Monday 13 September 2010

in between

the reading of poetry again and the watching of films we actually made it away. i cycled a good old way and my knees weren't too bad - have tried adjusting all my angles, lowering the seat etc so now my left knee doesn't give way as much but my right knee does. will it ever end! lol

so, anyway, we ended up in oban seeing geo and, to save my poor joints i decided a bit of sea kayaking would be in order. t had mentioned she'd fancy the idea of a trip but, given the fear of water/boats/swimming i suggested a taster suggestion might be a better deal. before she could bottle it i was into the rather excellent sea kayak shop in oban where i not only booked her in but had phoned geo, who is almost as afraid of the water, and got him involved as well.
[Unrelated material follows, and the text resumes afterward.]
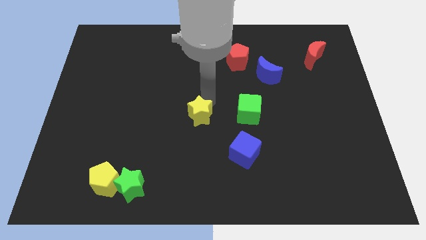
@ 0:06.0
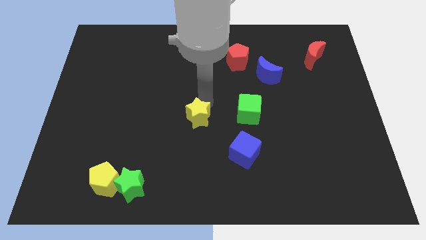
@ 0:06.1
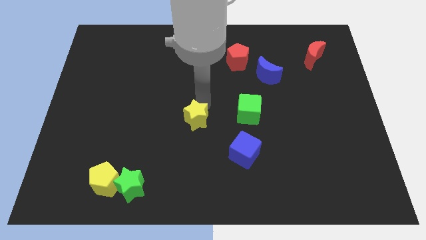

cue much buying of wetsuits before i realised that i had no kit with me and the thought of doing it in waterproofs felt a bit too much like bravado so my kayaking kit expanded ever so slightly. t was very happy tho so that was all that mattered. at least until she got into the boat.

i have to admit i noticed neither the fear nor the tears which was just as well as by the time we were heading back in from our morning out i was looking at her form with quite some measure of envy. true she was burst when we got back in but it was burst and cheery so only then did she tell me how close she'd been to running away. maximum credit to helen the instructor. i'd told her i was only along for the paddle but she managed to not only give loads of attention to two complete beginners (and fearties) but also to get me on my edges without a dunking. i was very impressed. and the other two loved it. i'd highly recommend it.

but what t hadn't done was get swimming. so a couple of days later i packed her into the van and off to st andrews for a dip. i let her paddle about a bit before doing what i swore i never do again after ruining myself on the west coast and actually went for a swim in the north sea. it still isn't pretty water!

but again, just as well as i soon realised just how petrified of the water t actually is. no matter, we braved the waves, splashed about and i'm confident that after a few more sessions a measure of confidence will have been gained. i don't think t'll ever be up for big waves but equally neither might i. full credit tho for confronting the fear head on. i was well impressed.

so much so i felt some sort of reciprocation was in order just out of respect for her effort. me, i'm petrified of heights over water, land no problem, but water!! it's really quite annoying but time to get a handle on it so i suggested we walk over the forth road bridge at some point just so that the shoe could be on the other foot. even the thought makes me feel sick! lol

a full report shall follow...

6 comments:

sarah said...

well kudos to t for facing her fears, you must be a pretty grand fellow to inspire her to do that for you. I empathise about heights, I hate any species of them.

Niamh B said...

good luck with it!

kate said...

you live in a real outdoor adventure playground. but the best part of that is that you both seem to make the most it too. very jealous. can't wait for the puke report.

swiss said...

for the height thing i forecast either inability to move, hyperventilation, blubbing or an uninspiring combination of all three!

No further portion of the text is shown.